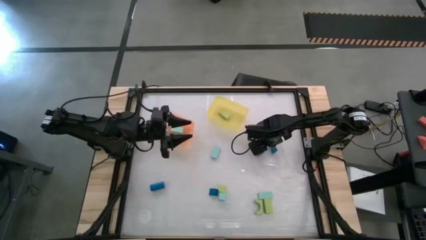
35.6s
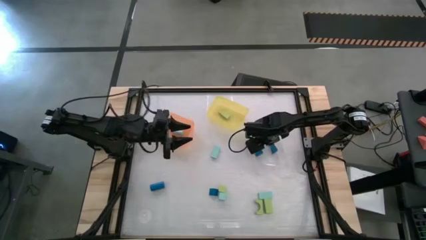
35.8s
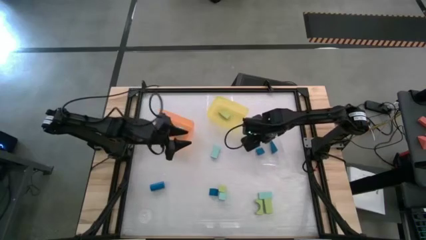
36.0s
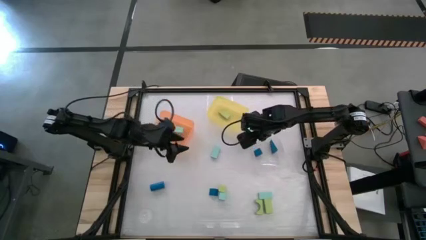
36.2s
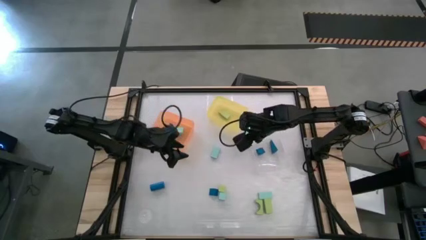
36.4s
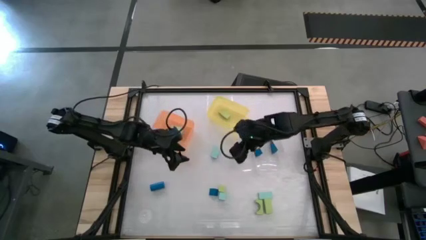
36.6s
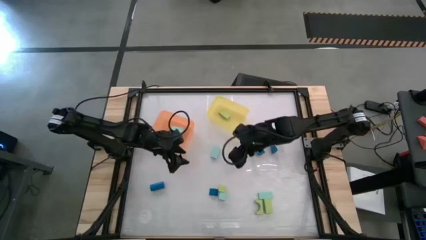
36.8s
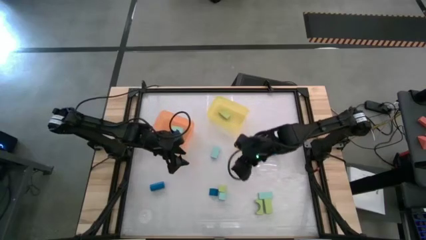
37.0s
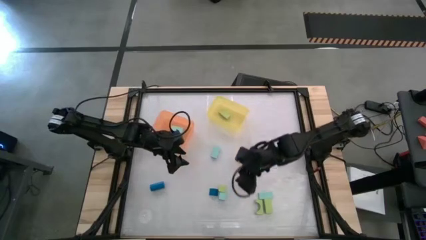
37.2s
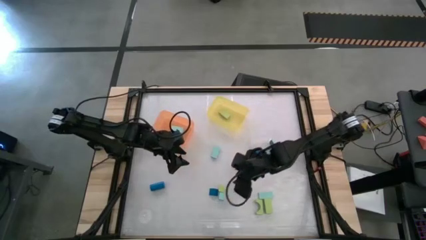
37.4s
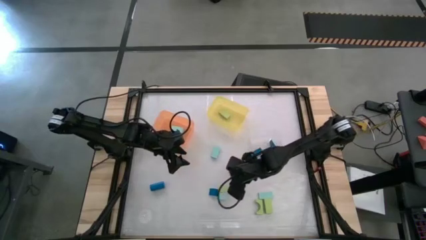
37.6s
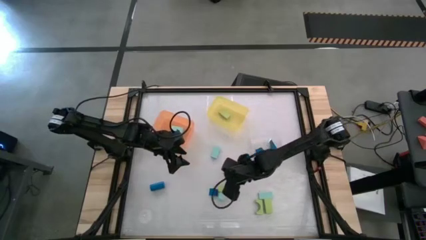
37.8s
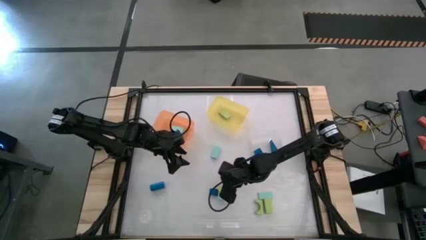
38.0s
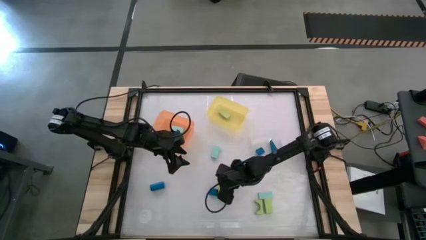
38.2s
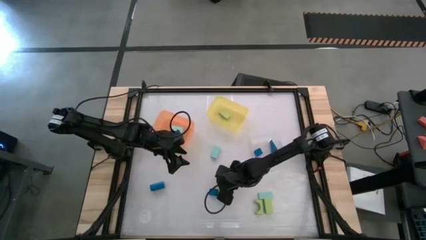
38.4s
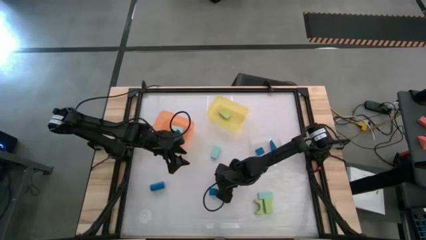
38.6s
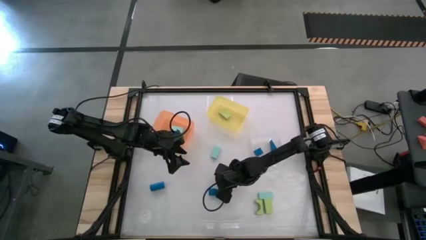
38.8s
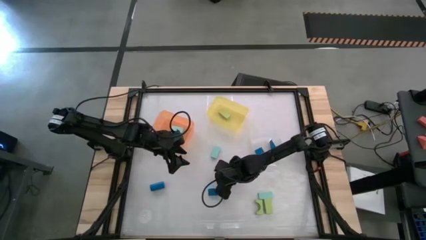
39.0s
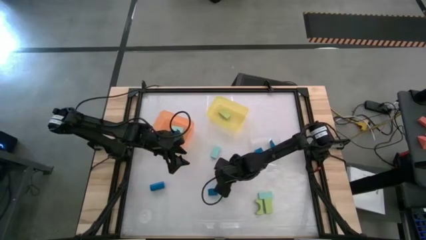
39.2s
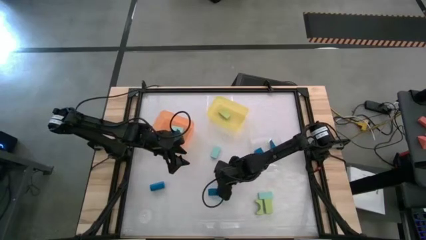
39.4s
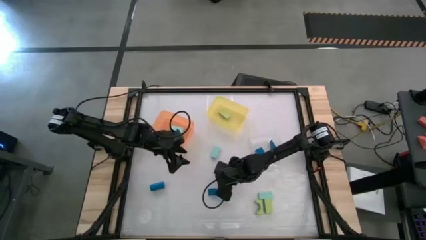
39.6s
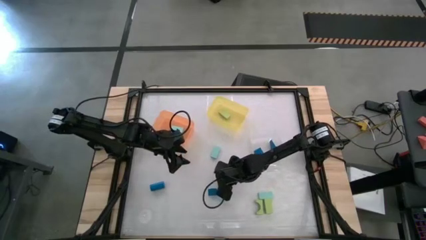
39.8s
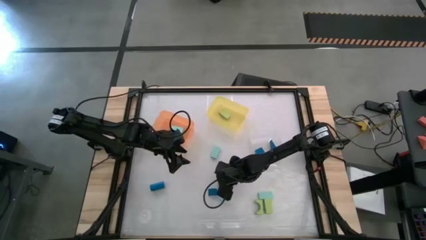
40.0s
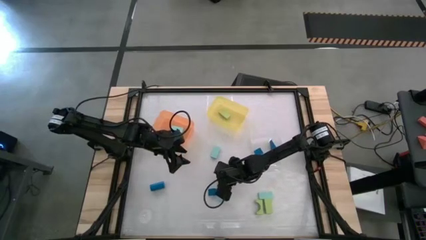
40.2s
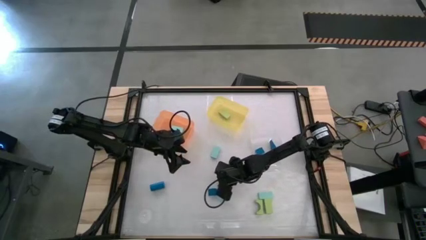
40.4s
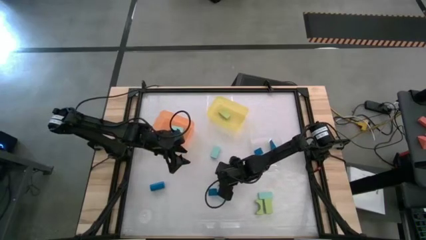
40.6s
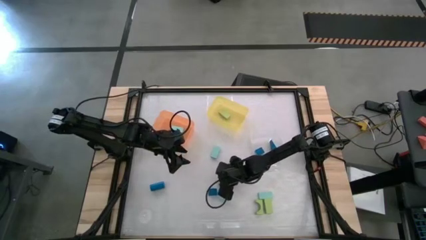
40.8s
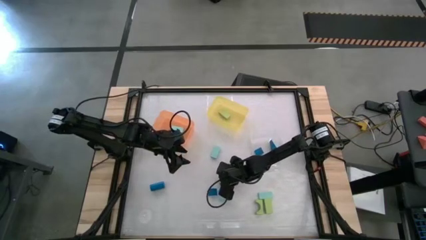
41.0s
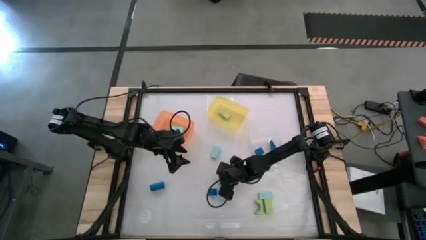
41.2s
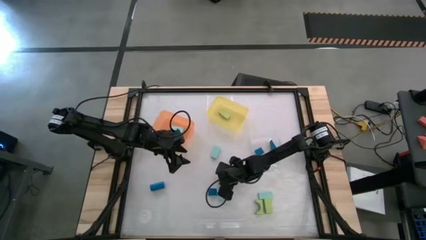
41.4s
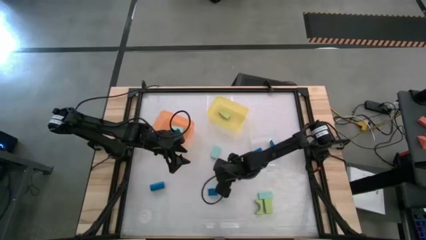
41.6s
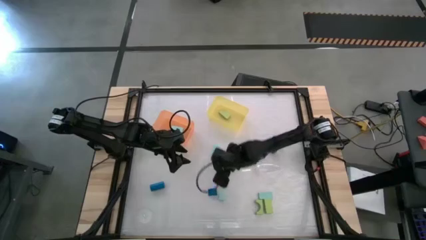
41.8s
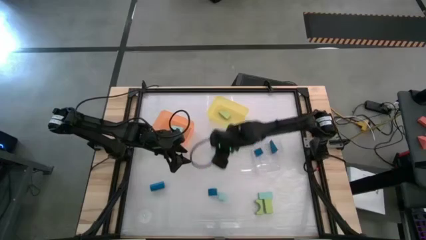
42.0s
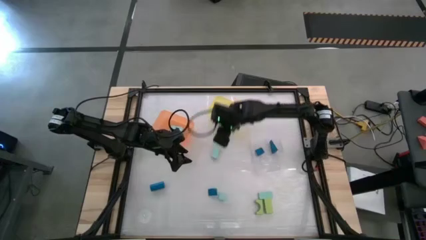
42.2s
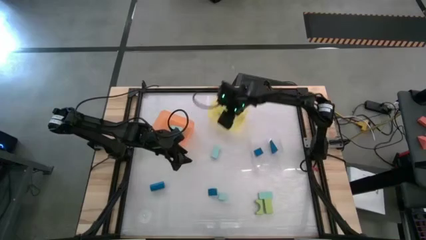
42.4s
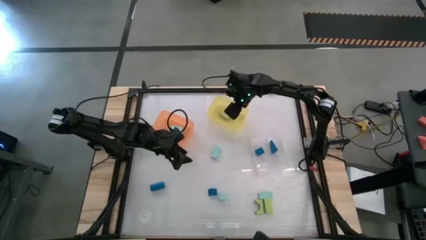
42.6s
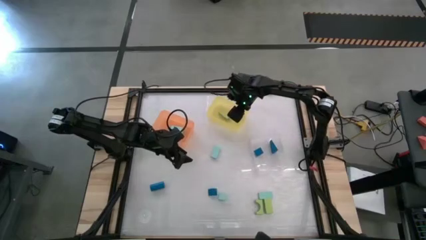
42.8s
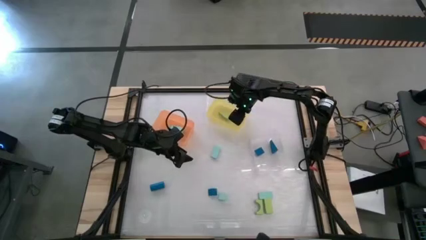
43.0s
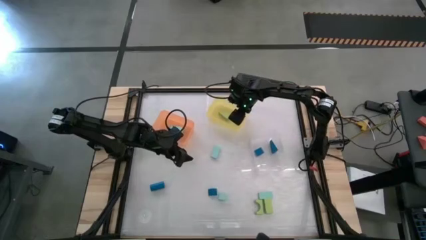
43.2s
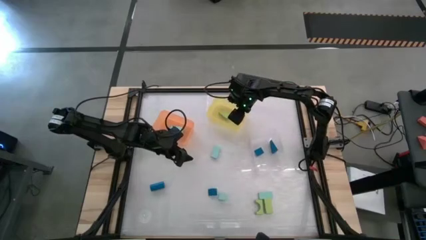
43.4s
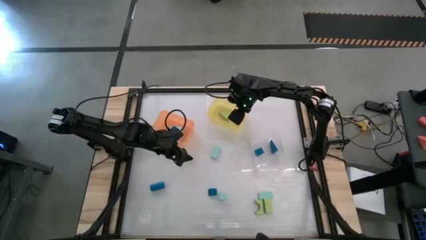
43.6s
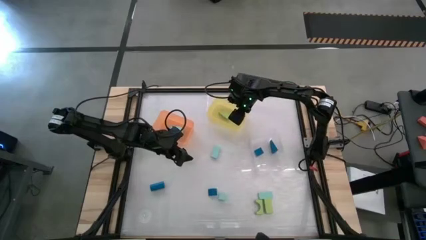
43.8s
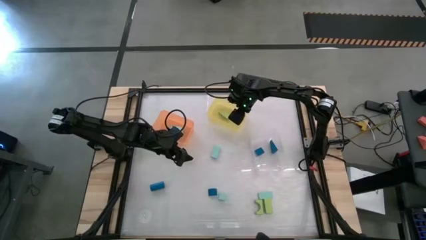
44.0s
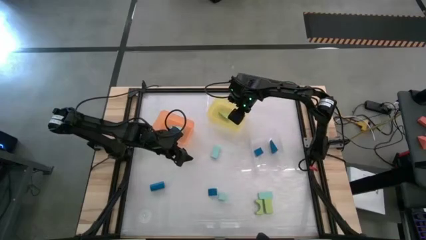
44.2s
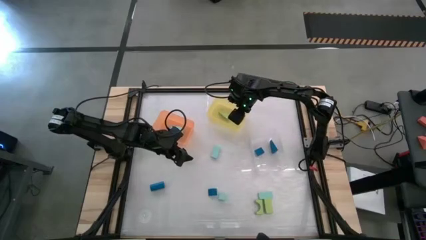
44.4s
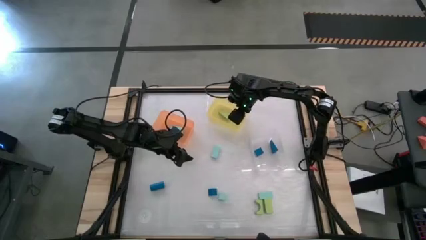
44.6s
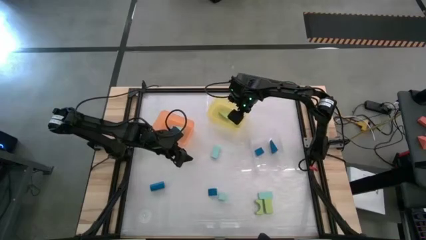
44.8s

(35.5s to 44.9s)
Task: Sort & place blocks by color
Put the light green block into the yellow bin

** Your assignment **
Every entry above is to be set down exactly; the pictures are to be left out.

** Reply to the exercise **
35.6s
35.8s
36.0s
36.2s
36.4s
36.6s
36.8s
37.0s
37.2s
37.4s
37.6s
37.8s
38.0s
38.2s
38.4s
38.6s
38.8s
39.0s
39.2s
39.4s
39.6s
39.8s
40.0s
40.2s
40.4s
40.6s
40.8s
41.0s
41.2s
41.4s
41.6s
41.8s
42.0s
42.2s
42.4s
42.6s
42.8s
43.0s
43.2s
43.4s
43.6s
43.8s
44.0s
44.2s
44.4s
44.6s
44.8s

(35.5s to 44.9s)
Task: Sort & place blocks by color
Put the light green block into the yellow bin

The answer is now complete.